Stored entries
┏━━
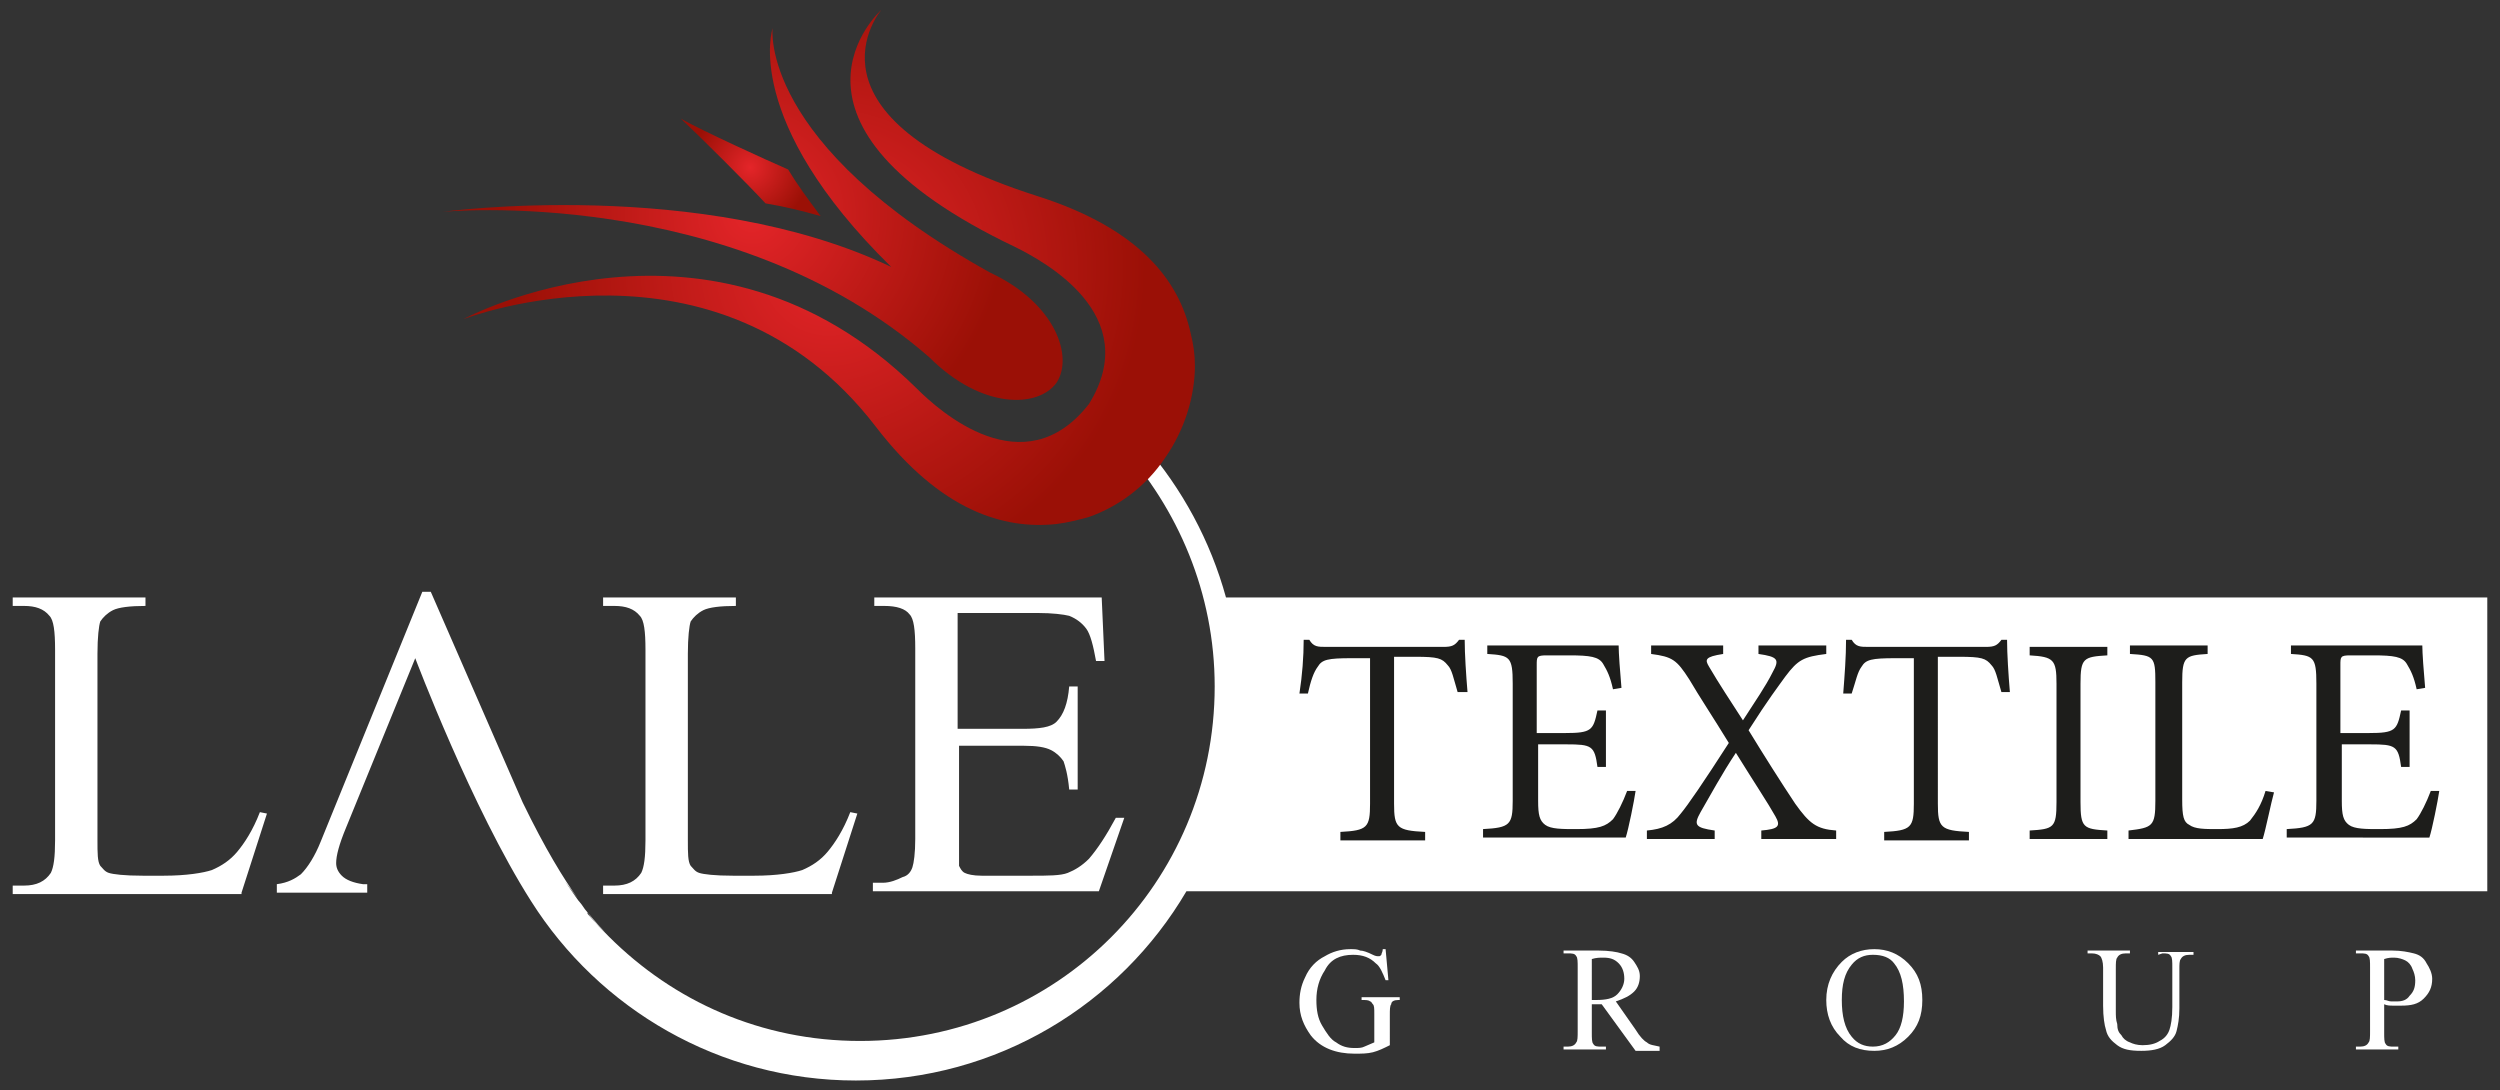 <?xml version="1.0" encoding="utf-8"?>
<!-- Generator: Adobe Illustrator 28.0.0, SVG Export Plug-In . SVG Version: 6.00 Build 0)  -->
<svg version="1.1" id="katman_1" xmlns="http://www.w3.org/2000/svg" xmlns:xlink="http://www.w3.org/1999/xlink" x="0px" y="0px"
	 viewBox="0 0 177 77.2" style="enable-background:new 0 0 177 77.2;" xml:space="preserve">
<rect x="0" y="0" width="177" height="77.2" fill="#333333" stroke="none"/>
<style type="text/css">
	.st0{fill:#FFFFFF;}
	.st1{fill:url(#SVGID_1_);}
	.st2{fill:url(#SVGID_00000153695537028298378640000016653390494349678982_);}
	.st3{fill:url(#SVGID_00000132054931126124467560000008583742528135676809_);}
	.st4{fill:#1D1D1B;}
</style>
<g>
	<path class="st0" d="M17.1,63.2l1.8-5.6l-0.5-0.1c-0.5,1.3-1.1,2.2-1.6,2.8s-1.1,1-1.8,1.3c-0.6,0.2-1.8,0.4-3.4,0.4h-1.5
		c-1.3,0-2.1-0.1-2.4-0.2c-0.3-0.1-0.4-0.3-0.6-0.5c-0.2-0.3-0.2-0.9-0.2-1.8V46.3c0-1.2,0.1-2,0.2-2.3c0.2-0.3,0.5-0.6,0.9-0.8
		s1.2-0.3,2.3-0.3v-0.6H0.9v0.6h0.8c0.8,0,1.4,0.2,1.8,0.7c0.3,0.3,0.4,1.1,0.4,2.4v13.5c0,1.2-0.1,1.9-0.3,2.3
		c-0.4,0.6-1,0.9-1.9,0.9H0.9v0.6h16.2V63.2z M58.9,63.2l1.8-5.6l-0.5-0.1c-0.5,1.3-1.1,2.2-1.6,2.8s-1.1,1-1.8,1.3
		C56.2,61.8,55,62,53.4,62h-1.5c-1.3,0-2.1-0.1-2.4-0.2c-0.3-0.1-0.4-0.3-0.6-0.5c-0.2-0.3-0.2-0.9-0.2-1.8V46.3
		c0-1.2,0.1-2,0.2-2.3c0.2-0.3,0.5-0.6,0.9-0.8s1.2-0.3,2.3-0.3v-0.6h-9.4v0.6h0.8c0.8,0,1.4,0.2,1.8,0.7c0.3,0.3,0.4,1.1,0.4,2.4
		v13.5c0,1.2-0.1,1.9-0.3,2.3c-0.4,0.6-1,0.9-1.9,0.9h-0.8v0.6h16.2V63.2z M67.9,59.7v-6.9h4.6c0.9,0,1.5,0.1,1.9,0.3
		s0.7,0.5,0.9,0.8c0.1,0.3,0.3,0.9,0.4,2h0.6v-7.3h-0.6c-0.1,1.2-0.4,2-0.9,2.5c-0.4,0.4-1.2,0.5-2.4,0.5h-4.6v-8.2h5.7
		c1,0,1.8,0.1,2.2,0.2c0.5,0.2,0.9,0.5,1.2,0.9c0.3,0.4,0.5,1.2,0.7,2.3h0.6L78,42.3H61.9v0.6h0.7c0.9,0,1.5,0.2,1.8,0.6
		c0.3,0.3,0.4,1.1,0.4,2.4v13.5c0,1-0.1,1.7-0.2,2s-0.3,0.6-0.7,0.7c-0.4,0.2-0.9,0.4-1.4,0.4h-0.7v0.6h16l1.8-5.2H79
		c-0.7,1.3-1.3,2.2-1.9,2.9c-0.5,0.5-1,0.8-1.5,1S74.2,62,73,62h-3.5c-0.6,0-1-0.1-1.2-0.2c-0.2-0.1-0.3-0.3-0.4-0.5
		C67.9,61.2,67.9,60.6,67.9,59.7 M41.5,64.5L41.5,64.5c-0.2-0.3-0.4-0.6-0.7-0.9C41,63.9,41.3,64.2,41.5,64.5 M41.5,64.6L41.5,64.6
		C41.5,64.6,41.5,64.5,41.5,64.6C41.5,64.5,41.5,64.6,41.5,64.6 M41.6,64.6c0.5,0.6,0.9,1.1,1.5,1.6C42.5,65.7,42,65.2,41.6,64.6
		L41.6,64.6 M176.1,42.3H86.8c-1.1-4-3.1-7.7-5.8-10.8h-1.7C83.4,36,86,42,86,48.6c0,13.9-11.2,25.1-25.1,25.1
		c-7,0-13.2-2.8-17.8-7.4c-0.4-0.4-0.9-0.9-1.5-1.6l0,0c0,0,0,0,0-0.1c-0.6-0.7-1.1-1.5-1.6-2.2c0.3,0.4,0.6,0.8,0.9,1.2
		c-1-1.4-2.3-3.5-3.9-6.8l-6.5-14.9h-0.6l-7.2,17.7c-0.4,1-0.9,1.8-1.4,2.3c-0.4,0.3-0.9,0.6-1.7,0.7v0.6H26v-0.6h-0.3
		c-0.7-0.1-1.2-0.3-1.5-0.6s-0.4-0.6-0.4-0.9c0-0.5,0.2-1.3,0.7-2.5l4.9-12c0,0,4,10.6,8.2,17.2c4.8,7.6,13.3,12.7,23,12.7
		c10,0,18.7-5.4,23.4-13.4h92.1V42.3z"/>
	
		<radialGradient id="SVGID_1_" cx="58.7" cy="61.025" r="22.414" gradientTransform="matrix(1 0 0 -1 0 80)" gradientUnits="userSpaceOnUse">
		<stop  offset="0" style="stop-color:#E42529"/>
		<stop  offset="1" style="stop-color:#9B1006"/>
	</radialGradient>
	<path class="st1" d="M62.4,0.7c0,0-9,8,9.5,16.8c2,1,9.1,4.8,5.2,11.1c-4.6,5.9-10.6,0.5-12.2-1.1c-14.6-14.4-32.1-4.9-32.1-4.9
		s18-7,29.2,7.6c4.6,6,9.1,7.3,12.8,6.9c0.8-0.1,1.6-0.3,2.3-0.5c2-0.7,4-2.1,5.4-4.2c1.4-2,2.1-4.4,2.1-6.5c0-0.8-0.1-1.5-0.3-2.3
		c-0.8-3.7-3.6-7.4-10.8-9.7C55.9,8.3,62.4,0.7,62.4,0.7"/>
	
		<radialGradient id="SVGID_00000140695976949806439160000013399746719611468952_" cx="53.115" cy="68.15" r="4.256" gradientTransform="matrix(1 0 0 -1 0 80)" gradientUnits="userSpaceOnUse">
		<stop  offset="0" style="stop-color:#E42529"/>
		<stop  offset="1" style="stop-color:#9B1006"/>
	</radialGradient>
	<path style="fill:url(#SVGID_00000140695976949806439160000013399746719611468952_);" d="M55.8,12c-1.6-0.7-6-2.7-7.6-3.6
		c1.4,1.3,4.8,4.7,6,6c1.2,0.2,2.5,0.5,3.9,0.9C57.2,14.1,56.4,13,55.8,12"/>
	
		<radialGradient id="SVGID_00000086687961803281672140000003928677801643694740_" cx="53.267" cy="64.873" r="18.095" gradientTransform="matrix(1 0 0 -1 0 80)" gradientUnits="userSpaceOnUse">
		<stop  offset="0" style="stop-color:#E42529"/>
		<stop  offset="1" style="stop-color:#9B1006"/>
	</radialGradient>
	<path style="fill:url(#SVGID_00000086687961803281672140000003928677801643694740_);" d="M63.1,18.9C49.7,12.5,31.3,15,31.3,15
		s20.4-2,34.5,10.3c3.7,3.7,7.7,3.6,9,1.8c1.2-1.8,0-5.6-4.7-7.8C53.7,10.2,54.7,2,54.7,2S52.5,8.5,63.1,18.9"/>
	<path class="st0" d="M98.1,67.2l0.2,2.2h-0.2c-0.2-0.5-0.4-1-0.7-1.2c-0.4-0.4-0.9-0.6-1.6-0.6c-0.9,0-1.6,0.3-2,1.1
		c-0.4,0.6-0.6,1.3-0.6,2.1c0,0.7,0.1,1.3,0.4,1.8s0.6,1,1,1.2c0.4,0.3,0.8,0.4,1.3,0.4c0.3,0,0.5,0,0.7-0.1s0.5-0.2,0.7-0.3v-2
		c0-0.4,0-0.6-0.1-0.7s-0.1-0.2-0.2-0.2c-0.1-0.1-0.3-0.1-0.6-0.1v-0.2h2.7v0.2H99c-0.3,0-0.5,0.1-0.5,0.3c-0.1,0.1-0.1,0.4-0.1,0.8
		V74c-0.4,0.2-0.8,0.4-1.2,0.5c-0.4,0.1-0.8,0.1-1.3,0.1c-1.3,0-2.4-0.4-3.1-1.3C92.3,72.6,92,71.9,92,71c0-0.6,0.1-1.2,0.4-1.8
		c0.3-0.7,0.8-1.2,1.4-1.5c0.5-0.3,1.1-0.5,1.8-0.5c0.3,0,0.5,0,0.7,0.1c0.2,0,0.5,0.1,0.9,0.3c0.2,0.1,0.3,0.1,0.4,0.1
		s0.1,0,0.2-0.1c0-0.1,0.1-0.2,0.1-0.4H98.1z"/>
	<path class="st0" d="M112.7,70.8c0.1,0,0.1,0,0.2,0h0.1c0.7,0,1.2-0.1,1.5-0.4s0.5-0.7,0.5-1.1s-0.1-0.8-0.4-1.1
		c-0.3-0.3-0.6-0.4-1.1-0.4c-0.2,0-0.5,0-0.8,0.1C112.7,67.9,112.7,70.8,112.7,70.8z M117.7,74.4h-1.9l-2.4-3.3c-0.2,0-0.3,0-0.4,0
		h-0.1c-0.1,0-0.1,0-0.2,0v2c0,0.4,0,0.7,0.1,0.8c0.1,0.2,0.3,0.2,0.6,0.2h0.3v0.2h-3v-0.2h0.3c0.3,0,0.5-0.1,0.6-0.3
		c0.1-0.1,0.1-0.4,0.1-0.8v-4.5c0-0.4,0-0.7-0.1-0.8c-0.1-0.2-0.3-0.2-0.6-0.2h-0.3v-0.2h2.5c0.7,0,1.3,0.1,1.6,0.2
		c0.4,0.1,0.7,0.3,0.9,0.6c0.2,0.3,0.4,0.6,0.4,1s-0.1,0.8-0.4,1.1c-0.3,0.3-0.7,0.5-1.3,0.7l1.4,2c0.3,0.5,0.6,0.8,0.8,0.9
		c0.2,0.2,0.5,0.2,0.9,0.3v0.3H117.7z"/>
	<path class="st0" d="M132.6,67.6c-0.6,0-1.1,0.2-1.5,0.7c-0.5,0.6-0.7,1.4-0.7,2.5s0.2,2,0.7,2.6c0.4,0.5,0.9,0.7,1.5,0.7
		c0.7,0,1.2-0.3,1.6-0.8c0.4-0.5,0.6-1.3,0.6-2.4c0-1.2-0.2-2.1-0.7-2.7C133.8,67.8,133.3,67.6,132.6,67.6 M132.7,67.2
		c0.9,0,1.7,0.3,2.4,1s1,1.5,1,2.6s-0.3,1.9-1,2.6s-1.5,1-2.4,1c-1,0-1.8-0.3-2.4-1c-0.7-0.7-1-1.6-1-2.6c0-1.1,0.4-2,1.1-2.7
		C131,67.5,131.8,67.2,132.7,67.2"/>
	<path class="st0" d="M152.8,67.6v-0.2h2.5v0.2H155c-0.3,0-0.5,0.1-0.6,0.3c-0.1,0.1-0.1,0.4-0.1,0.7v2.8c0,0.7-0.1,1.2-0.2,1.6
		c-0.1,0.4-0.4,0.7-0.8,1c-0.4,0.3-1,0.4-1.7,0.4c-0.8,0-1.3-0.1-1.7-0.4s-0.7-0.6-0.8-1.1c-0.1-0.3-0.2-0.9-0.2-1.7v-2.7
		c0-0.4-0.1-0.7-0.2-0.8c-0.1-0.1-0.3-0.2-0.6-0.2h-0.3v-0.2h3v0.2h-0.3c-0.3,0-0.5,0.1-0.6,0.3c-0.1,0.1-0.1,0.4-0.1,0.8v3
		c0,0.3,0,0.6,0.1,0.9c0,0.4,0.1,0.6,0.3,0.8c0.1,0.2,0.3,0.4,0.6,0.5c0.2,0.1,0.5,0.2,0.9,0.2c0.5,0,0.9-0.1,1.2-0.3
		c0.4-0.2,0.6-0.5,0.7-0.8c0.1-0.3,0.2-0.8,0.2-1.6v-2.8c0-0.4,0-0.7-0.1-0.8c-0.1-0.2-0.3-0.2-0.6-0.2L152.8,67.6L152.8,67.6z"/>
	<path class="st0" d="M168.8,70.8c0.2,0,0.3,0.1,0.5,0.1c0.1,0,0.3,0,0.4,0c0.4,0,0.7-0.1,0.9-0.4c0.3-0.3,0.4-0.6,0.4-1.1
		c0-0.3-0.1-0.6-0.2-0.8c-0.1-0.3-0.3-0.5-0.5-0.6s-0.5-0.2-0.8-0.2c-0.2,0-0.4,0-0.7,0.1L168.8,70.8L168.8,70.8z M168.8,71.1v2
		c0,0.4,0,0.7,0.1,0.8c0.1,0.2,0.3,0.2,0.6,0.2h0.3v0.2h-3v-0.2h0.3c0.3,0,0.5-0.1,0.6-0.3c0.1-0.1,0.1-0.4,0.1-0.8v-4.5
		c0-0.4,0-0.7-0.1-0.8c-0.1-0.2-0.3-0.2-0.6-0.2h-0.3v-0.2h2.6c0.6,0,1.1,0.1,1.5,0.2s0.7,0.3,0.9,0.7c0.2,0.3,0.4,0.7,0.4,1.1
		c0,0.6-0.2,1-0.6,1.4c-0.4,0.4-0.9,0.5-1.6,0.5c-0.2,0-0.3,0-0.5,0C169.2,71.2,169,71.2,168.8,71.1"/>
	<path class="st4" d="M172.1,56c-0.3,0.8-0.7,1.6-1,2c-0.5,0.5-1,0.7-2.6,0.7c-1,0-1.8,0-2.2-0.3s-0.5-0.7-0.5-1.7v-4h2
		c1.8,0,2,0.1,2.2,1.6h0.6v-4H170c-0.3,1.4-0.4,1.6-2.3,1.6h-2v-4.8c0-0.6,0-0.7,0.7-0.7h1.6c1.5,0,2.1,0.1,2.4,0.6
		c0.3,0.5,0.5,0.9,0.7,1.8l0.6-0.1c-0.1-1.1-0.2-2.5-0.2-3h-9.3v0.6c1.6,0.1,1.8,0.2,1.8,2.1v8.3c0,1.7-0.2,1.9-2.1,2v0.6H172
		c0.2-0.6,0.6-2.6,0.7-3.3L172.1,56z M160.4,56c-0.3,1-0.7,1.6-1.1,2.1c-0.5,0.5-1.2,0.6-2.3,0.6c-0.9,0-1.6,0-2-0.3
		c-0.4-0.2-0.5-0.6-0.5-1.8v-8.3c0-1.8,0.2-1.9,1.8-2v-0.6h-5.5v0.6c1.7,0.1,1.8,0.2,1.8,2v8.4c0,1.8-0.2,1.9-1.9,2.1v0.6h9.5
		c0.2-0.6,0.6-2.6,0.8-3.3L160.4,56z M149.2,59.4v-0.6c-1.7-0.1-1.9-0.2-1.9-2v-8.4c0-1.8,0.2-1.9,1.9-2v-0.6h-5.5v0.6
		c1.7,0.1,1.9,0.3,1.9,2v8.4c0,1.8-0.2,1.9-1.9,2v0.6H149.2z M142.3,49c-0.1-1.2-0.2-2.7-0.2-3.7h-0.4c-0.3,0.4-0.5,0.5-1.1,0.5
		h-8.3c-0.6,0-0.9,0-1.2-0.5h-0.4c0,1.2-0.1,2.5-0.2,3.8h0.6c0.3-0.9,0.4-1.5,0.7-1.9c0.3-0.5,0.7-0.6,2.4-0.6h1.3v10.3
		c0,1.7-0.2,1.9-2.1,2v0.6h6v-0.6c-2-0.1-2.2-0.3-2.2-2V46.5h1.5c1.6,0,1.9,0.1,2.3,0.6c0.3,0.3,0.4,0.9,0.7,1.9H142.3z M130,59.4
		v-0.6c-1.4-0.1-1.9-0.5-2.9-1.9c-1-1.5-2.2-3.4-3.3-5.2c1.4-2.2,2.1-3.1,2.6-3.8c0.9-1.2,1.3-1.4,2.9-1.6v-0.6h-4.8v0.6
		c1.4,0.2,1.5,0.4,1,1.3c-0.5,1-1.2,2-2.1,3.4c-0.9-1.4-1.7-2.6-2.4-3.8c-0.3-0.5-0.3-0.7,1-0.9v-0.6h-5.1v0.6
		c1.5,0.2,1.8,0.4,2.7,1.8c0.7,1.2,1.7,2.7,2.8,4.5c-1.8,2.8-2.9,4.4-3.4,5c-0.6,0.8-1.3,1.1-2.4,1.2v0.6h4.8v-0.6
		c-1.4-0.2-1.5-0.4-1-1.3c0.7-1.2,1.5-2.7,2.5-4.2c1.3,2.1,2.3,3.6,2.8,4.5c0.4,0.7,0.2,0.9-1,1v0.6H130z M115.2,56
		c-0.3,0.8-0.7,1.6-1,2c-0.5,0.5-1,0.7-2.6,0.7c-1,0-1.8,0-2.2-0.3c-0.4-0.3-0.5-0.7-0.5-1.7v-4h2c1.8,0,2,0.1,2.2,1.6h0.6v-4h-0.6
		c-0.3,1.4-0.4,1.6-2.3,1.6h-2v-4.8c0-0.6,0-0.7,0.7-0.7h1.6c1.5,0,2.1,0.1,2.4,0.6s0.5,0.9,0.7,1.8l0.6-0.1c-0.1-1.1-0.2-2.5-0.2-3
		h-9.3v0.6c1.6,0.1,1.8,0.2,1.8,2.1v8.3c0,1.7-0.2,1.9-2.1,2v0.6h10.1c0.2-0.6,0.6-2.6,0.7-3.3L115.2,56z M103.9,49
		c-0.1-1.2-0.2-2.7-0.2-3.7h-0.4c-0.3,0.4-0.5,0.5-1.1,0.5h-8.3c-0.6,0-0.9,0-1.2-0.5h-0.4c0,1.2-0.1,2.5-0.3,3.8h0.6
		c0.2-0.9,0.4-1.5,0.7-1.9c0.3-0.5,0.7-0.6,2.4-0.6H97v10.3c0,1.7-0.2,1.9-2.1,2v0.6h6v-0.6c-2-0.1-2.2-0.3-2.2-2V46.5h1.5
		c1.6,0,1.9,0.1,2.3,0.6c0.3,0.3,0.4,0.9,0.7,1.9H103.9z"/>
</g>
</svg>
┗━━
**Exercise:** Pull out all lines of the data with the string "gradientTransform".

**Solution for this problem:**
		<radialGradient id="SVGID_1_" cx="58.7" cy="61.025" r="22.414" gradientTransform="matrix(1 0 0 -1 0 80)" gradientUnits="userSpaceOnUse">
		<radialGradient id="SVGID_00000140695976949806439160000013399746719611468952_" cx="53.115" cy="68.15" r="4.256" gradientTransform="matrix(1 0 0 -1 0 80)" gradientUnits="userSpaceOnUse">
		<radialGradient id="SVGID_00000086687961803281672140000003928677801643694740_" cx="53.267" cy="64.873" r="18.095" gradientTransform="matrix(1 0 0 -1 0 80)" gradientUnits="userSpaceOnUse">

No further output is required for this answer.